Research output: Contribution to journalArticlepeer-review

26 Scopus citations


Study objective - Differences in the correlation between body mass index and education across four gender and race groups were investigated while simultaneously accounting for occupation, income, marital status, and age. Design - The study used analysis of covariance techniques to calculate average body mass and confidence intervals within education categories while simultaneously adjusting for the covariates: age, square of age, family income, marital status, and occupation.

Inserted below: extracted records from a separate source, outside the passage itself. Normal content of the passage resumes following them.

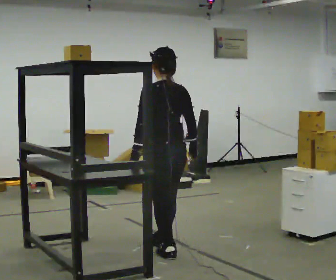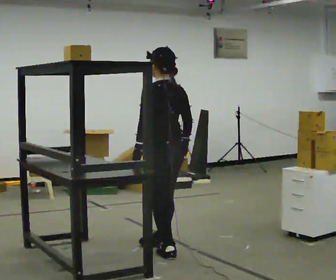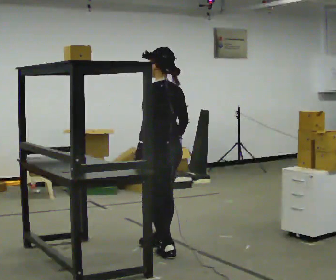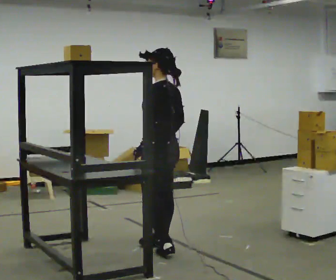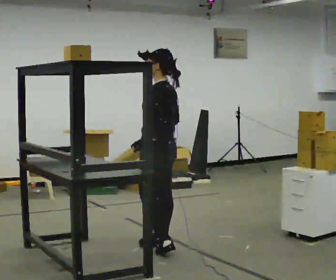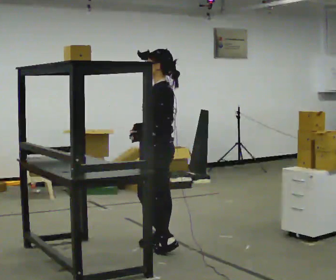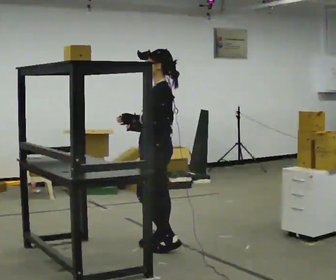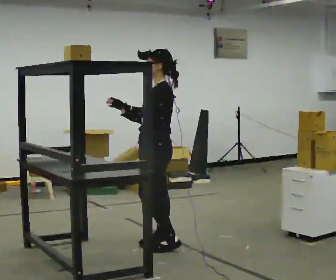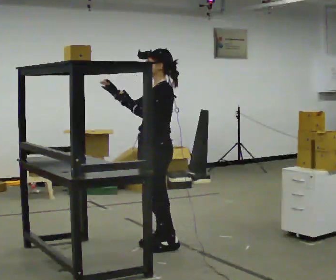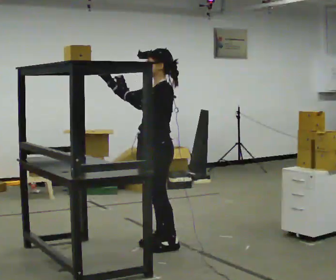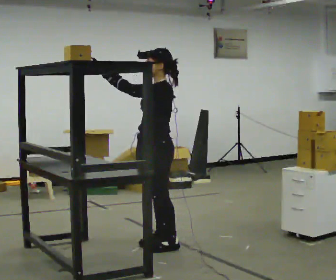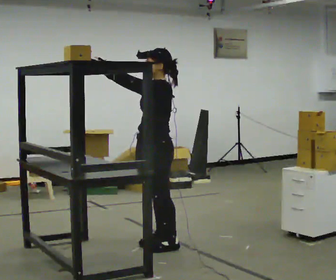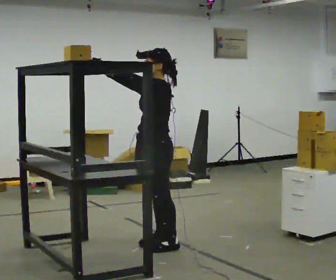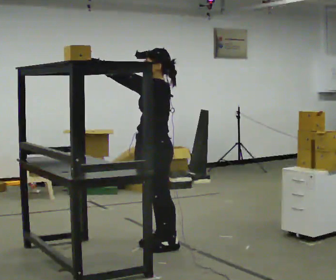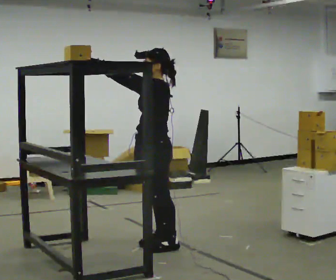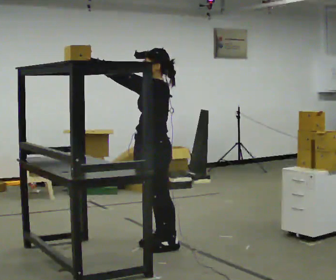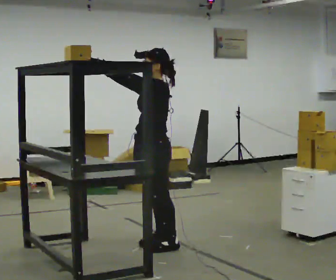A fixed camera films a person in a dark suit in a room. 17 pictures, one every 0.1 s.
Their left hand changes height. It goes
upward.
The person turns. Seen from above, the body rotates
counterclockwise.
0.0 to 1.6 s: Seen from above the body turns counterclockwise, about 75 degrees: to their left, with its near side sliding to the right. In the picture they go away from the camera, about 0.25 m in 1 step. In the picture their right hand goes to the left and upward, the arm swinging clockwise.
The film runs backward here.

Setting - Data were drawn from the US National Health and Nutrition Examination Survey (NHANES I), 1971-1975. NHANES I is a national probability sample designed to gather information on the non-institutionalised US civilians, ages 1-74 years. Subjects - Samples of 8211 white women, 1673 black women, 6188 white men, and 1023 black men were drawn from the NHANES I, 1971-1975. Main results - Data in the female samples indicate a strictly inverse relation between body mass and years of schooling among white women and an inverted 'U' association among black women, achieving a maximum around 8 to 11 years of schooling. In the male samples data indicate inverted 'U' relations among both black and white men, reaching maxima between 12 and 15 years of schooling. The sides of the 'U' curve are much steeper for black than for white men. Conclusions - The four gender/race categories display four different body mass index and education associations. These four associations are only slightly altered by simultaneously adjusting for two additional measures of socioeconomic status: occupation and income.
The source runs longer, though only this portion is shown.